If the finder of fact at trial or, in the case of a plea of guilty or nolo contendere, the court at sentencing determines beyond a reasonable doubt that the defendant intentionally selected any victim or any property as the object of the offense of conviction because of the actual or perceived race, color, religion, national origin, ethnicity, gender, gender identity, disability, or sexual orientation of any person, increase by 3 levels.[14]

         The PSR stated that if the Court determines beyond a reasonable doubt that the Defendants selected their victims because of their race, religion, or national origin, the hate crime enhancement would apply. This conclusion, however, is contrary to the guideline, which allows the Court to make this determination only in cases involving a guilty plea or a plea of no contest. But in cases where criminal defendants put the government to its burden of proof, it is the prerogative of “the finder of fact at trial” to make this finding. The Court therefore has no role in deciding whether the Government carried its burden to prove Defendants committed a hate crime. That determination is instead left to the wisdom of the jury.

         It is undisputed that when the jury convicted Defendants on Count 2, it found beyond a reasonable doubt that Defendants targeted their victims because of their race, religion, or national origin.[15] The Jury made no such specific finding with regards to Count 1. Allen and Stein argue that taking an enhancement that arises from Count 2 and applying it to an offense level calculation based on Count 1 is improper.[16] The Court disagrees. Count 1 and Count 2 are grouped together under § 3D1.2 because both counts “involve[ed] substantially the same harm.”[17] This means that both counts necessarily involved the same victims, and both counts involved the same criminal act or multiple criminal acts based on a common criminal objective.[18] Defendants' common criminal objective was to detonate multiple bombs at an apartment complex, and this plan formed the basis for Defendants' convictions under Count 1 and Count 2. In fact, it is the similarity between the two counts that allows them to be grouped together for sentencing purposes.[19]

         Because the underlying facts in these two counts are so intertwined-in particular, both counts involved targeting the same victims-when the jury found beyond a reasonable doubt that Defendants selected their victims because of their race, religion, or national origin in Count 2, that finding is sufficient to conclude that the jury also found beyond a reasonable doubt that Defendants targeted their victims based on their protected status in Count 1. Thus, the Court concludes that the PSR properly increased Defendants offense level by three levels under § 3A1.1(a), and this objection is overruled.

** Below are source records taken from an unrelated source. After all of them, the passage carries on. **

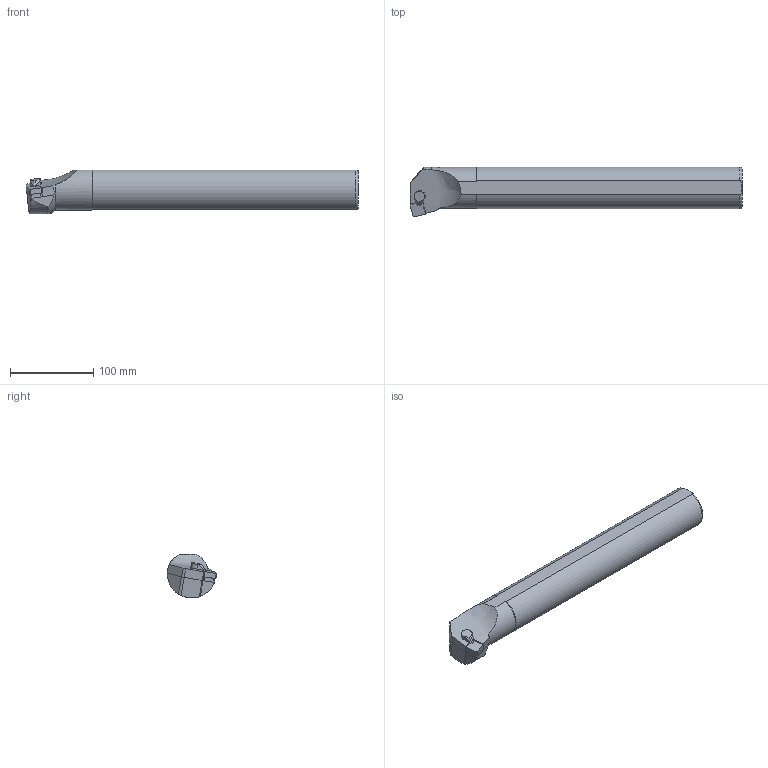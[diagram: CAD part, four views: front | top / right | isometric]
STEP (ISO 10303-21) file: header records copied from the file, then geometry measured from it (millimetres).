
FILE_DESCRIPTION(/* description */ (''),/* implementation_level */ '2;1');
FILE_NAME(/* name */ 'S50V-PSKNR-15C.stp',/* time_stamp */ '2023-10-20T20:10:02+03:00',/* author */ (''),/* organization */ (''),/* preprocessor_version */ 'ST-DEVELOPER v19.4',/* originating_system */ 'SIEMENS PLM Software NX2306.3001',/* authorisation */ '');
FILE_SCHEMA (('AUTOMOTIVE_DESIGN { 1 0 10303 214 3 1 1 1 }'));
Length unit declared in the file: millimetre
Products named in the file (1): S50V-PSKNR-15C
Bounding box: 400 x 59.83 x 52.9 mm (x, y, z)
Volume: 747519.6 mm3; surface area: 66804.5 mm2
Topology: 2 solids, 2 shells, 64 faces, 169 edges, 110 vertices
Faces by surface type: plane 36, cylinder 21, cone 4, torus 2, bspline 1
Entity records: 2437 total; most frequent: CARTESIAN_POINT 784, ORIENTED_EDGE 334, DIRECTION 310, EDGE_CURVE 167, AXIS2_PLACEMENT_3D 112, VERTEX_POINT 109, LINE 86, VECTOR 86
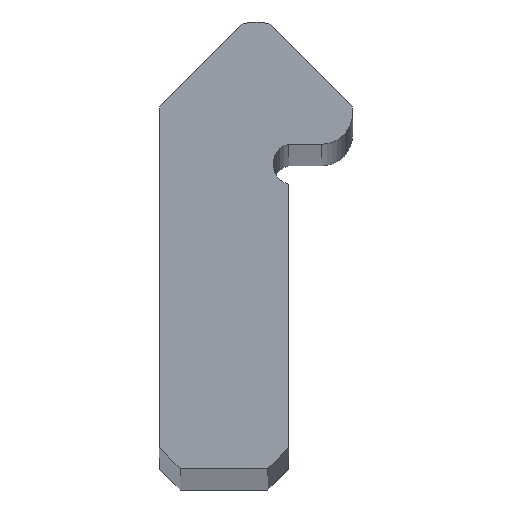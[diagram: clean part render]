
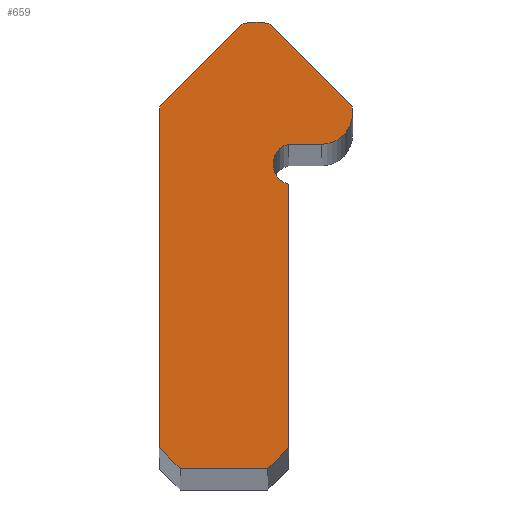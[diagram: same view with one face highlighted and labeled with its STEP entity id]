
A CAD part, top view. The second image highlights one B-rep face of the part: STEP entity #659.
In plain terms, the highlighted planar face has unit normal (0, 0, 1).
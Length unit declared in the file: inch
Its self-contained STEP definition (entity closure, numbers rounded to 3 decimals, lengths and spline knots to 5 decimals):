
#2 = VERTEX_POINT ( 'NONE', #31 ) ;
#5 = VERTEX_POINT ( 'NONE', #783 ) ;
#18 = ORIENTED_EDGE ( 'NONE', *, *, #182, .T. ) ;
#25 = ORIENTED_EDGE ( 'NONE', *, *, #552, .T. ) ;
#29 = LINE ( 'NONE', #305, #669 ) ;
#31 = CARTESIAN_POINT ( 'NONE',  ( 0.0315, -0.16866, 0. ) ) ;
#37 = AXIS2_PLACEMENT_3D ( 'NONE', #574, #616, #300 ) ;
#39 = VECTOR ( 'NONE', #345, 39.37008 ) ;
#46 = EDGE_CURVE ( 'NONE', #581, #231, #244, .T. ) ;
#54 = AXIS2_PLACEMENT_3D ( 'NONE', #617, #131, #886 ) ;
#58 = FACE_OUTER_BOUND ( 'NONE', #284, .T. ) ;
#59 = LINE ( 'NONE', #278, #315 ) ;
#61 = DIRECTION ( 'NONE',  ( 0., 1., 0. ) ) ;
#62 = CARTESIAN_POINT ( 'NONE',  ( 0.0115, -0.44393, 0. ) ) ;
#69 = CARTESIAN_POINT ( 'NONE',  ( 0.0315, -0.42393, 0. ) ) ;
#74 = ORIENTED_EDGE ( 'NONE', *, *, #721, .T. ) ;
#78 = CIRCLE ( 'NONE', #643, 0.03 ) ;
#111 = ORIENTED_EDGE ( 'NONE', *, *, #46, .T. ) ;
#116 = DIRECTION ( 'NONE',  ( 1., 0., 0. ) ) ;
#131 = DIRECTION ( 'NONE',  ( 0., 0., -1. ) ) ;
#136 = DIRECTION ( 'NONE',  ( 0., -1., 0. ) ) ;
#138 = EDGE_CURVE ( 'NONE', #231, #708, #652, .T. ) ;
#140 = VECTOR ( 'NONE', #545, 39.37008 ) ;
#142 = DIRECTION ( 'NONE',  ( 0., 0., 1. ) ) ;
#144 = DIRECTION ( 'NONE',  ( -1., 0., 0. ) ) ;
#145 = ORIENTED_EDGE ( 'NONE', *, *, #838, .T. ) ;
#159 = DIRECTION ( 'NONE',  ( -1., 0., 0. ) ) ;
#161 = VERTEX_POINT ( 'NONE', #794 ) ;
#166 = ORIENTED_EDGE ( 'NONE', *, *, #525, .T. ) ;
#169 = DIRECTION ( 'NONE',  ( -0.707, -0.707, 0. ) ) ;
#178 = VERTEX_POINT ( 'NONE', #385 ) ;
#179 = CARTESIAN_POINT ( 'NONE',  ( 0.01371, -0.01371, 0. ) ) ;
#182 = EDGE_CURVE ( 'NONE', #429, #5, #823, .T. ) ;
#186 = DIRECTION ( 'NONE',  ( 0., 0., 1. ) ) ;
#190 = AXIS2_PLACEMENT_3D ( 'NONE', #320, #186, #667 ) ;
#192 = CIRCLE ( 'NONE', #37, 0.045 ) ;
#195 = DIRECTION ( 'NONE',  ( 1., 0., 0. ) ) ;
#206 = EDGE_CURVE ( 'NONE', #348, #429, #29, .T. ) ;
#207 = CARTESIAN_POINT ( 'NONE',  ( 0.0935, -0.09886, 0. ) ) ;
#231 = VERTEX_POINT ( 'NONE', #530 ) ;
#239 = CARTESIAN_POINT ( 'NONE',  ( -0.0935, -0.42393, 0. ) ) ;
#244 = LINE ( 'NONE', #493, #405 ) ;
#246 = VERTEX_POINT ( 'NONE', #254 ) ;
#254 = CARTESIAN_POINT ( 'NONE',  ( 0.01371, -0.01371, 0. ) ) ;
#265 = LINE ( 'NONE', #207, #398 ) ;
#267 = DIRECTION ( 'NONE',  ( -1., 0., 0. ) ) ;
#278 = CARTESIAN_POINT ( 'NONE',  ( -0.0935, -0.42393, 0. ) ) ;
#284 = EDGE_LOOP ( 'NONE', ( #25, #74, #111, #294, #497, #302, #354, #363, #18, #776, #848, #510, #166, #145 ) ) ;
#294 = ORIENTED_EDGE ( 'NONE', *, *, #138, .T. ) ;
#300 = DIRECTION ( 'NONE',  ( -1., 0., 0. ) ) ;
#302 = ORIENTED_EDGE ( 'NONE', *, *, #674, .T. ) ;
#303 = LINE ( 'NONE', #179, #462 ) ;
#305 = CARTESIAN_POINT ( 'NONE',  ( 0.0635, -0.12993, 0. ) ) ;
#311 = CARTESIAN_POINT ( 'NONE',  ( 0.0115, -0.44393, 0. ) ) ;
#315 = VECTOR ( 'NONE', #136, 39.37008 ) ;
#320 = CARTESIAN_POINT ( 'NONE',  ( 0.0635, -0.09993, 0. ) ) ;
#337 = DIRECTION ( 'NONE',  ( 0., 0., 1. ) ) ;
#343 = CARTESIAN_POINT ( 'NONE',  ( -0.01371, -0.01371, 0. ) ) ;
#344 = DIRECTION ( 'NONE',  ( 0., 0., -1. ) ) ;
#345 = DIRECTION ( 'NONE',  ( 0.707, 0.707, 0. ) ) ;
#347 = CARTESIAN_POINT ( 'NONE',  ( -0.0635, -0.09886, 0. ) ) ;
#348 = VERTEX_POINT ( 'NONE', #526 ) ;
#354 = ORIENTED_EDGE ( 'NONE', *, *, #648, .T. ) ;
#356 = EDGE_CURVE ( 'NONE', #692, #246, #303, .T. ) ;
#363 = ORIENTED_EDGE ( 'NONE', *, *, #206, .T. ) ;
#367 = CIRCLE ( 'NONE', #54, 0.02 ) ;
#385 = CARTESIAN_POINT ( 'NONE',  ( -0.0929, -0.0929, 0. ) ) ;
#386 = VECTOR ( 'NONE', #116, 39.37008 ) ;
#398 = VECTOR ( 'NONE', #61, 39.37008 ) ;
#405 = VECTOR ( 'NONE', #845, 39.37008 ) ;
#429 = VERTEX_POINT ( 'NONE', #611 ) ;
#462 = VECTOR ( 'NONE', #866, 39.37008 ) ;
#465 = EDGE_CURVE ( 'NONE', #853, #692, #548, .T. ) ;
#477 = CARTESIAN_POINT ( 'NONE',  ( 0.0315, -0.16866, 0. ) ) ;
#483 = PLANE ( 'NONE',  #690 ) ;
#488 = VERTEX_POINT ( 'NONE', #343 ) ;
#493 = CARTESIAN_POINT ( 'NONE',  ( -0.0735, -0.44393, 0. ) ) ;
#497 = ORIENTED_EDGE ( 'NONE', *, *, #746, .T. ) ;
#510 = ORIENTED_EDGE ( 'NONE', *, *, #356, .T. ) ;
#525 = EDGE_CURVE ( 'NONE', #246, #488, #192, .T. ) ;
#526 = CARTESIAN_POINT ( 'NONE',  ( 0.0315, -0.12993, 0. ) ) ;
#530 = CARTESIAN_POINT ( 'NONE',  ( -0.0735, -0.44393, 0. ) ) ;
#545 = DIRECTION ( 'NONE',  ( 0., 1., 0. ) ) ;
#546 = LINE ( 'NONE', #477, #140 ) ;
#548 = CIRCLE ( 'NONE', #742, 0.03 ) ;
#552 = EDGE_CURVE ( 'NONE', #178, #658, #78, .T. ) ;
#563 = LINE ( 'NONE', #829, #712 ) ;
#567 = CARTESIAN_POINT ( 'NONE',  ( -0.0635, -0.09886, 0. ) ) ;
#574 = CARTESIAN_POINT ( 'NONE',  ( 0., -0.05657, 0. ) ) ;
#581 = VERTEX_POINT ( 'NONE', #239 ) ;
#606 = CARTESIAN_POINT ( 'NONE',  ( 0.0635, -0.09886, 0. ) ) ;
#611 = CARTESIAN_POINT ( 'NONE',  ( 0.0635, -0.12993, 0. ) ) ;
#615 = EDGE_CURVE ( 'NONE', #5, #853, #265, .T. ) ;
#616 = DIRECTION ( 'NONE',  ( 0., 0., 1. ) ) ;
#617 = CARTESIAN_POINT ( 'NONE',  ( 0.0365, -0.14929, 0. ) ) ;
#643 = AXIS2_PLACEMENT_3D ( 'NONE', #567, #142, #159 ) ;
#648 = EDGE_CURVE ( 'NONE', #2, #348, #367, .T. ) ;
#652 = LINE ( 'NONE', #311, #386 ) ;
#658 = VERTEX_POINT ( 'NONE', #807 ) ;
#659 = ADVANCED_FACE ( 'NONE', ( #58 ), #483, .F. ) ;
#667 = DIRECTION ( 'NONE',  ( -1., 0., 0. ) ) ;
#669 = VECTOR ( 'NONE', #195, 39.37008 ) ;
#674 = EDGE_CURVE ( 'NONE', #161, #2, #546, .T. ) ;
#685 = LINE ( 'NONE', #69, #39 ) ;
#690 = AXIS2_PLACEMENT_3D ( 'NONE', #347, #344, #144 ) ;
#692 = VERTEX_POINT ( 'NONE', #818 ) ;
#703 = CARTESIAN_POINT ( 'NONE',  ( 0.0935, -0.09886, 0. ) ) ;
#708 = VERTEX_POINT ( 'NONE', #62 ) ;
#712 = VECTOR ( 'NONE', #169, 39.37008 ) ;
#721 = EDGE_CURVE ( 'NONE', #658, #581, #59, .T. ) ;
#742 = AXIS2_PLACEMENT_3D ( 'NONE', #606, #337, #267 ) ;
#746 = EDGE_CURVE ( 'NONE', #708, #161, #685, .T. ) ;
#776 = ORIENTED_EDGE ( 'NONE', *, *, #615, .T. ) ;
#783 = CARTESIAN_POINT ( 'NONE',  ( 0.0935, -0.09993, 0. ) ) ;
#794 = CARTESIAN_POINT ( 'NONE',  ( 0.0315, -0.42393, 0. ) ) ;
#807 = CARTESIAN_POINT ( 'NONE',  ( -0.0935, -0.09886, 0. ) ) ;
#818 = CARTESIAN_POINT ( 'NONE',  ( 0.0929, -0.0929, 0. ) ) ;
#823 = CIRCLE ( 'NONE', #190, 0.03 ) ;
#829 = CARTESIAN_POINT ( 'NONE',  ( -0.0929, -0.0929, 0. ) ) ;
#838 = EDGE_CURVE ( 'NONE', #488, #178, #563, .T. ) ;
#845 = DIRECTION ( 'NONE',  ( 0.707, -0.707, 0. ) ) ;
#848 = ORIENTED_EDGE ( 'NONE', *, *, #465, .T. ) ;
#853 = VERTEX_POINT ( 'NONE', #703 ) ;
#866 = DIRECTION ( 'NONE',  ( -0.707, 0.707, 0. ) ) ;
#886 = DIRECTION ( 'NONE',  ( -1., 0., 0. ) ) ;
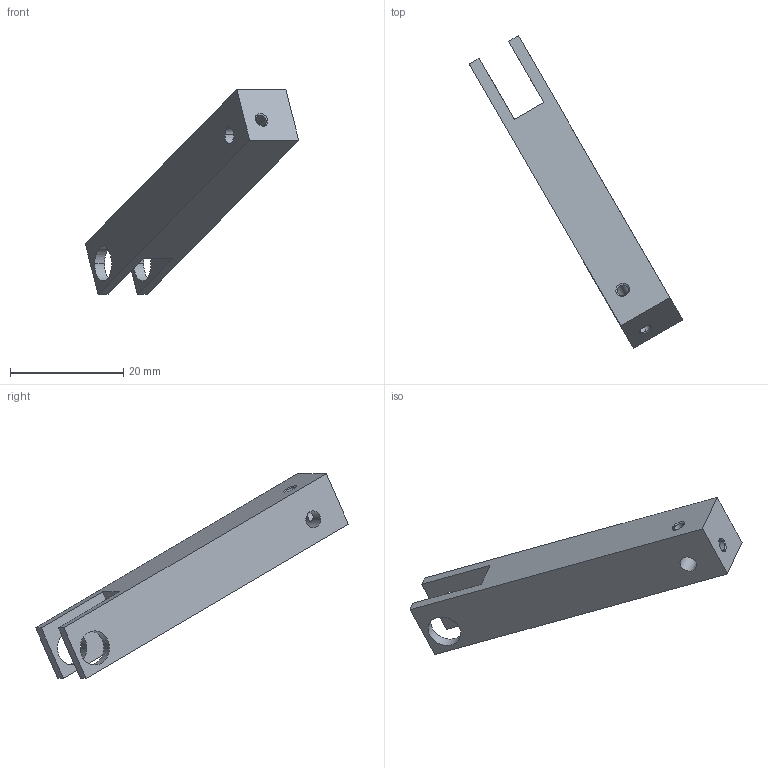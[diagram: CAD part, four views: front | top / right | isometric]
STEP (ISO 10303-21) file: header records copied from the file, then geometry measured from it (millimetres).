
FILE_DESCRIPTION(('Creo Elements/Direct Modeling STEP Export'),'2;1');
FILE_NAME('D003_Oberarm.stp','2014-08-04T17:50:48',(''),(''),'Creo Elements/Direct Modeling STEP processor for AP214 (Solid Model)','Creo Elements/Direct Modeling 17.0D 15-Jul-2011 (C) Parametric Technology GmbH','');
FILE_SCHEMA(('AUTOMOTIVE_DESIGN { 1 0 10303 214 1 1 1 1 }'));
Length unit declared in the file: millimetre
Products named in the file (2): D003_Oberarm
Assembly tree (1 placements, depth 2):
  D003_Oberarm
    D003_Oberarm
Bounding box: 37.66 x 55.23 x 36.15 mm (x, y, z)
Volume: 4947.1 mm3; surface area: 2799 mm2
Topology: 1 solids, 1 shells, 24 faces, 65 edges, 42 vertices
Faces by surface type: cylinder 10, plane 10, cone 4
Entity records: 882 total; most frequent: CARTESIAN_POINT 216, ORIENTED_EDGE 130, DIRECTION 108, EDGE_CURVE 65, VERTEX_POINT 42, AXIS2_PLACEMENT_3D 36, VECTOR 36, LINE 36

         C. Terrorism Enhancement

         Defendants object to the PSR's application of an enhancement pursuant to § 3A1.4 (Terrorism). This enhancement is significant-Defendants' offense level would be raised 12 levels, and their criminal history would automatically be increased to Category VI.[20] The terrorism enhancement applies “[i]f the offense is a felony that involved, or was intended to promote, a federal crime of terrorism. . . .”[21] Section § 3A1.4's commentary states that a “federal crime of terrorism” has the same meaning given the term in 18 U.S.C. § 2332b(g)(5), [22] which limits a “federal crime of terrorism” to offenses that are “calculated to influence or affect the conduct of government by intimidation or coercion, or to retaliate against government conduct.”[23] Defendants argue that their conspiracy was not calculated to influence the government or to retaliate against government conduct. Rather, the conspiracy was directed at, and intended to influence, a civilian population. The Government argues in response that targeting a civilian population is not mutually exclusive with intending to influence or retaliate against the government.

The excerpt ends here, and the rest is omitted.